The most notable aspect of the Boks’ effort was how many tackles they forced the All Blacks to make. That number, depending on which stats book you consult, ranged from in the mid-190s to over 200. Whatever the actual figure, it’s been a while since New Zealand’s defence has had to work so hard. Not even the British and Irish Lions pushed them that hard. In fact, you have to go as far back as their match against Ireland at Landsdowne Road in 2006 to find any comparison for that sort of work rate.
“I think we did enough to win the game, there were just two points needed for us to get over the line. I feel very sorry for the players because they left everything out there,” said Coetzee after Saturday’s outing.
Considering the Boks still lost despite that tremendous effort, it quite obviously wasn’t enough. Small mistakes make the world of difference, especially when your opposition is there for the taking. Still, Coetzee had reason to see the positives.
“That they were totally committed was the prevalent thing to take away from the game and it shows our processes are on track. It was really pleasing to come back from that 57-0 drubbing, which we never felt defined this team.”
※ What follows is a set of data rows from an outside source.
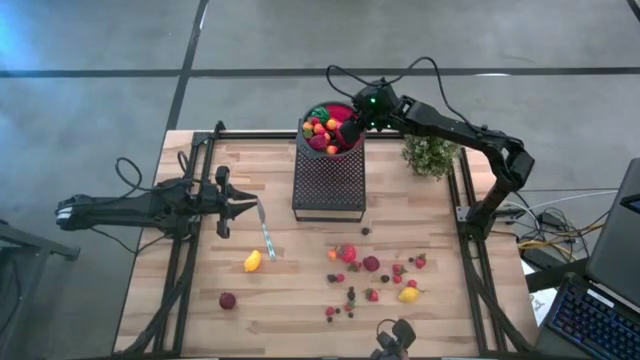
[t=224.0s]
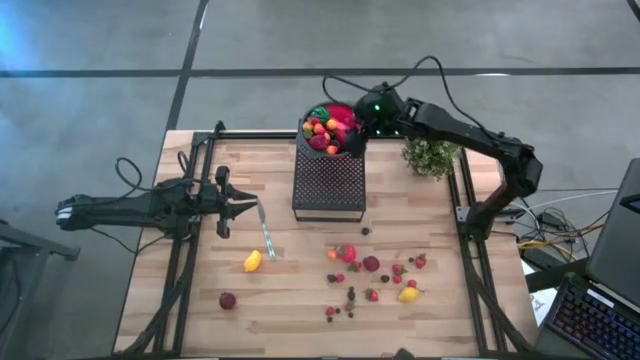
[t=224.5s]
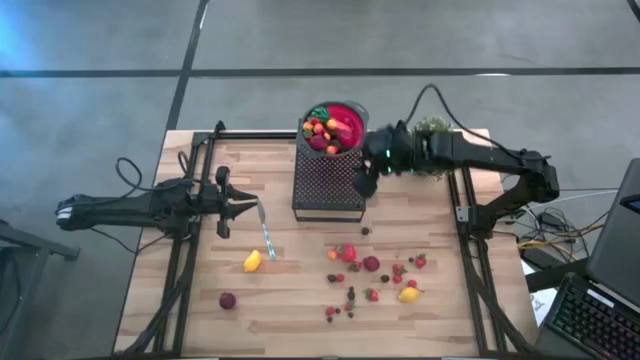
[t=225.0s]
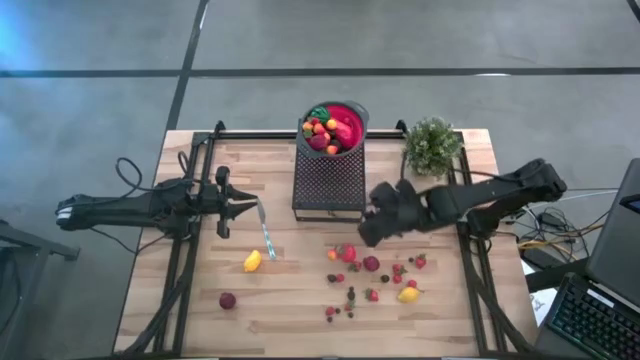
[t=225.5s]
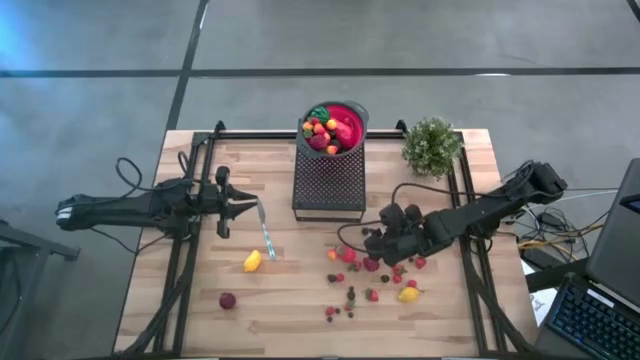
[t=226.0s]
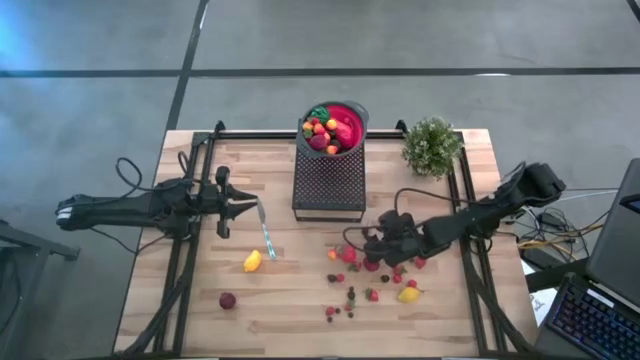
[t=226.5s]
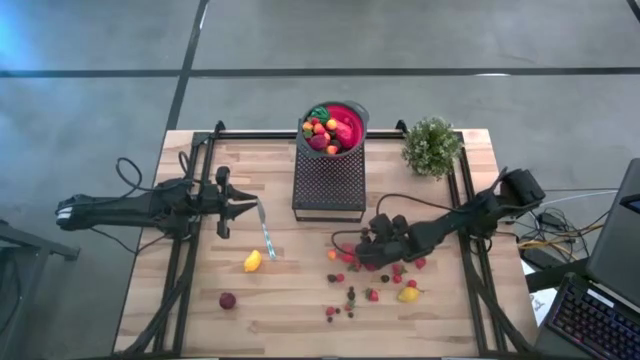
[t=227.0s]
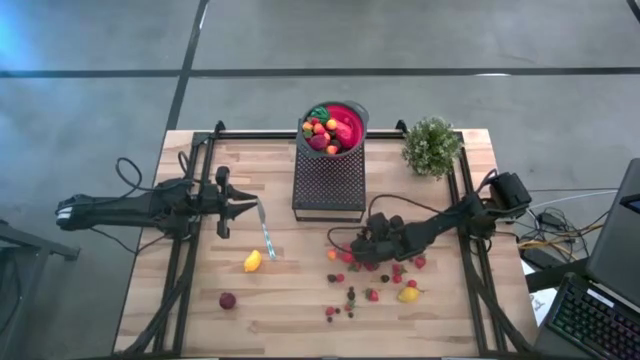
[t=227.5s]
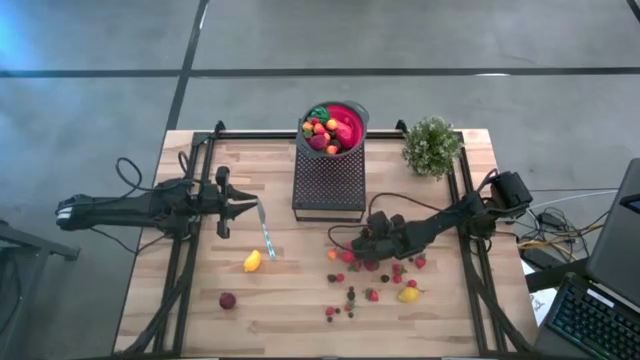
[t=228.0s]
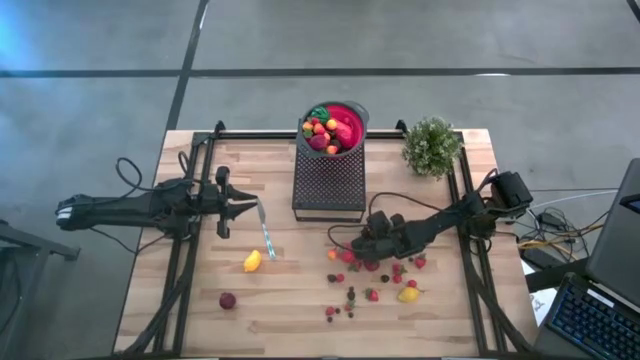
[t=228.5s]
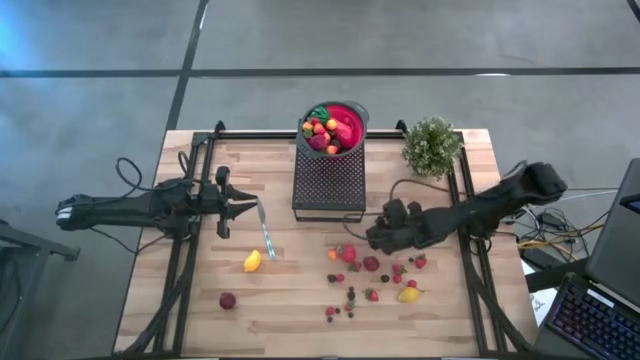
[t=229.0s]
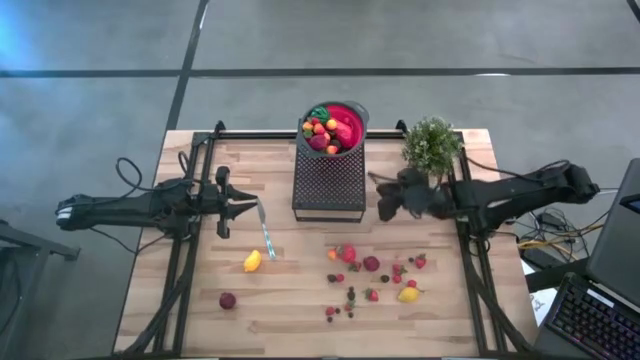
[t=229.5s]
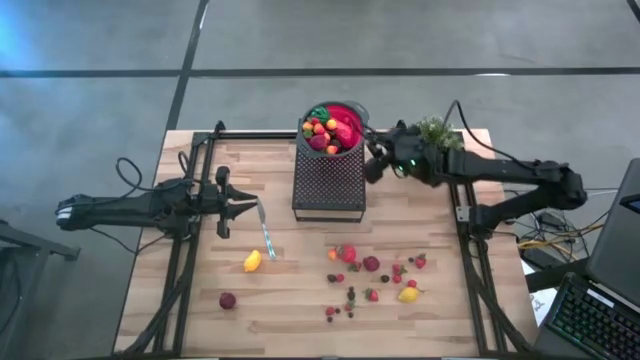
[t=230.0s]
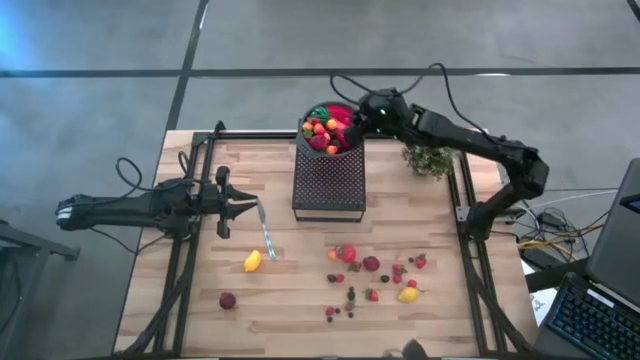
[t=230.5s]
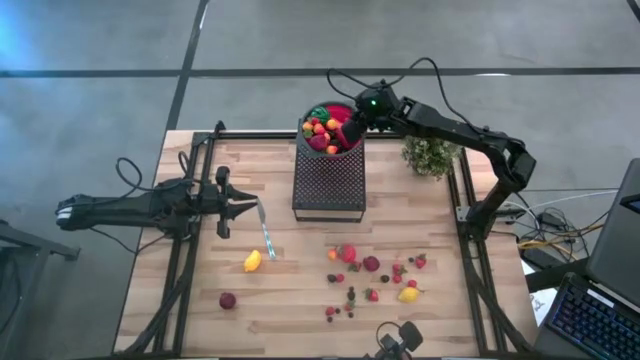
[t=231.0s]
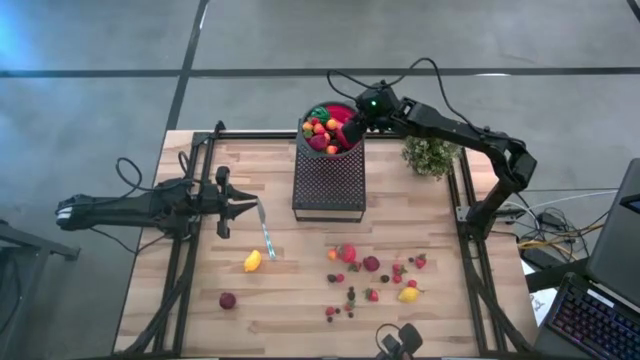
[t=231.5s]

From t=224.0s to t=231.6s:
Put the top black cherry into the strainer bowl on the shelf

But while the result dished up some humble pie for the more cynical Bok fans, it’s worth considering it in context. The All Blacks already had the Rugby Championship title wrapped up and for all their talk of not taking the Boks lightly, it’s quite obvious that New Zealand’s intention at Newlands was to have fun and entertain.
In the end, both sides delivered on the entertainment front and while the euphoria of not being embarrassed took over briefly, the reality remains that the Boks have not won a game of rugby in four attempts.
South Africa ended third in the championships, behind a grossly mediocre Australia, who they could not beat once at home or away.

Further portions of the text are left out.